Start of SOURCE DATA

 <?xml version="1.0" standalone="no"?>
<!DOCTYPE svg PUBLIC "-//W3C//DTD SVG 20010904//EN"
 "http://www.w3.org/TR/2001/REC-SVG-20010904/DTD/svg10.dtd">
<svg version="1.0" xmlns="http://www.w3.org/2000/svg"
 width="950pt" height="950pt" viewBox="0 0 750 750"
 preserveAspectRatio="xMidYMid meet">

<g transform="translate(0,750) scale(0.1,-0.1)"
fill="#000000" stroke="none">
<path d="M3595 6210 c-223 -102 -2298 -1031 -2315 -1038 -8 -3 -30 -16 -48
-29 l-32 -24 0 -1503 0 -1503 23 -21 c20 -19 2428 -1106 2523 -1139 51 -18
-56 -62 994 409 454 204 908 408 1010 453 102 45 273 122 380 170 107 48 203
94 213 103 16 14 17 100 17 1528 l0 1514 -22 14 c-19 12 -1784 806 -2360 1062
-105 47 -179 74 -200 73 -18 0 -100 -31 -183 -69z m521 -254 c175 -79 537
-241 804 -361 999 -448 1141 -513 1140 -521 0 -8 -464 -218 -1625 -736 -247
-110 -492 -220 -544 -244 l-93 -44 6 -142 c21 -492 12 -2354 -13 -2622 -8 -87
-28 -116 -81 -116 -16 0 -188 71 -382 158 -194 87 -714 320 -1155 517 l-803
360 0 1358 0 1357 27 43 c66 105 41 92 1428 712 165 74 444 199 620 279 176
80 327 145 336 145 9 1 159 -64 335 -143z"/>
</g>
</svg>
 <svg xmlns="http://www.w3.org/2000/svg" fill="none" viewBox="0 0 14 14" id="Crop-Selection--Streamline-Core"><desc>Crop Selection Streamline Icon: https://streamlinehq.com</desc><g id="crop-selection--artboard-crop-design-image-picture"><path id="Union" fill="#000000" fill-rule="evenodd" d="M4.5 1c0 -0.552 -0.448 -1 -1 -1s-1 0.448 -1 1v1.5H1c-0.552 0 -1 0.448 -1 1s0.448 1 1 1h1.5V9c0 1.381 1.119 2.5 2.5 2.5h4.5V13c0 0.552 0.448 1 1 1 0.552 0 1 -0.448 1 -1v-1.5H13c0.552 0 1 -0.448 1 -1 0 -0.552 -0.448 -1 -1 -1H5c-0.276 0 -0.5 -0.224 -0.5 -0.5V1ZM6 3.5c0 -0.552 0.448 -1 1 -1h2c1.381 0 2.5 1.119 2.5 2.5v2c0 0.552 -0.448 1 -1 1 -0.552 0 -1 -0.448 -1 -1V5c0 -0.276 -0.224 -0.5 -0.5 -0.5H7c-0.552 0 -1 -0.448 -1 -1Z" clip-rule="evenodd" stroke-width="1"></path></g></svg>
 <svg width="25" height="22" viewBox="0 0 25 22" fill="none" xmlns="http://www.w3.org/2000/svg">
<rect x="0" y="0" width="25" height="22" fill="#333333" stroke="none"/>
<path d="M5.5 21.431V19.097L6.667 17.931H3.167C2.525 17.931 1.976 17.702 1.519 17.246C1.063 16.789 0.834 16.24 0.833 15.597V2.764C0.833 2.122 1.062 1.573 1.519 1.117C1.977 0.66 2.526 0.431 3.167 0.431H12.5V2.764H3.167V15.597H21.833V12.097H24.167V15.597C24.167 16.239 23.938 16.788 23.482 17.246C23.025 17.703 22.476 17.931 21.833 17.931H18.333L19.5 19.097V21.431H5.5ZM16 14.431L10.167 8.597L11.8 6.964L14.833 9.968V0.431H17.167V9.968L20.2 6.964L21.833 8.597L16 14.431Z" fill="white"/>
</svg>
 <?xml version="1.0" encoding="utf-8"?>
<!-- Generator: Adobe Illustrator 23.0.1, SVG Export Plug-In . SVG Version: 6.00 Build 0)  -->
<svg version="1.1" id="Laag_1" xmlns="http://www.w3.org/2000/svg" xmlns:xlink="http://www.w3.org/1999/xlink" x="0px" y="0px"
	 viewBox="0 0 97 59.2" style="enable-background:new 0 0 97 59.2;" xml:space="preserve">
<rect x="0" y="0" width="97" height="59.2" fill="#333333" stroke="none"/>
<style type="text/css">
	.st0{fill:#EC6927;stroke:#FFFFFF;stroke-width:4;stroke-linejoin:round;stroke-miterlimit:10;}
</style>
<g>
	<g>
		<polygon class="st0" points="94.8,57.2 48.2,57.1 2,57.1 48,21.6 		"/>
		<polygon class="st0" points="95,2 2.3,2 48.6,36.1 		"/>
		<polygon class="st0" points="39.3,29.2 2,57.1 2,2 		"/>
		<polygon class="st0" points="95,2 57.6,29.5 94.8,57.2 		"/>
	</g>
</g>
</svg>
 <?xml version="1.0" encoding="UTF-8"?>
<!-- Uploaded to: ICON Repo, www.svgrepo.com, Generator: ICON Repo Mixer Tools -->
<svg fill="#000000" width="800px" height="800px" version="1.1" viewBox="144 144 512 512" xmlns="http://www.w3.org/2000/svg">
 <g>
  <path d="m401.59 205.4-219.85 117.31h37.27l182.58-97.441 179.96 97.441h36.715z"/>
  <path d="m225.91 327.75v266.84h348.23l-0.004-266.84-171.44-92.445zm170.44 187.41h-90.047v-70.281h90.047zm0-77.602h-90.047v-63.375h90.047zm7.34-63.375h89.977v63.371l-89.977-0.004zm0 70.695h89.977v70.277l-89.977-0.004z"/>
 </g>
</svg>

End of SOURCE DATA

PROBLEM TO SOLVE – Return only the exact lines from the opening of the records through the line that contains "-105 47 -179", both included.

SOLUTION TO THIS EXERCISE –
 <?xml version="1.0" standalone="no"?>
<!DOCTYPE svg PUBLIC "-//W3C//DTD SVG 20010904//EN"
 "http://www.w3.org/TR/2001/REC-SVG-20010904/DTD/svg10.dtd">
<svg version="1.0" xmlns="http://www.w3.org/2000/svg"
 width="950pt" height="950pt" viewBox="0 0 750 750"
 preserveAspectRatio="xMidYMid meet">

<g transform="translate(0,750) scale(0.1,-0.1)"
fill="#000000" stroke="none">
<path d="M3595 6210 c-223 -102 -2298 -1031 -2315 -1038 -8 -3 -30 -16 -48
-29 l-32 -24 0 -1503 0 -1503 23 -21 c20 -19 2428 -1106 2523 -1139 51 -18
-56 -62 994 409 454 204 908 408 1010 453 102 45 273 122 380 170 107 48 203
94 213 103 16 14 17 100 17 1528 l0 1514 -22 14 c-19 12 -1784 806 -2360 1062
-105 47 -179 74 -200 73 -18 0 -100 -31 -183 -69z m521 -254 c175 -79 537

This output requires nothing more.